- Exercise instructions: Tally the lines of the entries below that hold the word "this", and please give only the total.
..............................
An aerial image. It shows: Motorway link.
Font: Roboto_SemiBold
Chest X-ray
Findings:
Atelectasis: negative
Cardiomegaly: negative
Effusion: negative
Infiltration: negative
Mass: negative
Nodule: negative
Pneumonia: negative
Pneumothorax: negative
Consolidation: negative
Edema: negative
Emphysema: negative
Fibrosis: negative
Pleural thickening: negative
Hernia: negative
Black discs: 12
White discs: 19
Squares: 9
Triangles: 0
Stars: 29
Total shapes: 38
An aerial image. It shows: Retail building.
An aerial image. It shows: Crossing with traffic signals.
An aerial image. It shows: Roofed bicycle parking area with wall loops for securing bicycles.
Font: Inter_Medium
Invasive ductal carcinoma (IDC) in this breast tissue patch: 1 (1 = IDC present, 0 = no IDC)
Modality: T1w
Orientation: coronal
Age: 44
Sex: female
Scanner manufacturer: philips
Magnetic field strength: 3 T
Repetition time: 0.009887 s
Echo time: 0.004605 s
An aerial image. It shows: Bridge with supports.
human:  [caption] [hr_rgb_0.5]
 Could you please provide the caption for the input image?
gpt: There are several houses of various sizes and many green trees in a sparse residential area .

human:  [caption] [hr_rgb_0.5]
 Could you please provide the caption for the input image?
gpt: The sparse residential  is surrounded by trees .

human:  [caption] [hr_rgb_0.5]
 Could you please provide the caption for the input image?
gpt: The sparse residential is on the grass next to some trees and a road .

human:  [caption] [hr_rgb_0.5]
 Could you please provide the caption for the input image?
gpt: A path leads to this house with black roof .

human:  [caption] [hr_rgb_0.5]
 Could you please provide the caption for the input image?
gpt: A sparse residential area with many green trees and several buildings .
..............................
- Exercise response: 2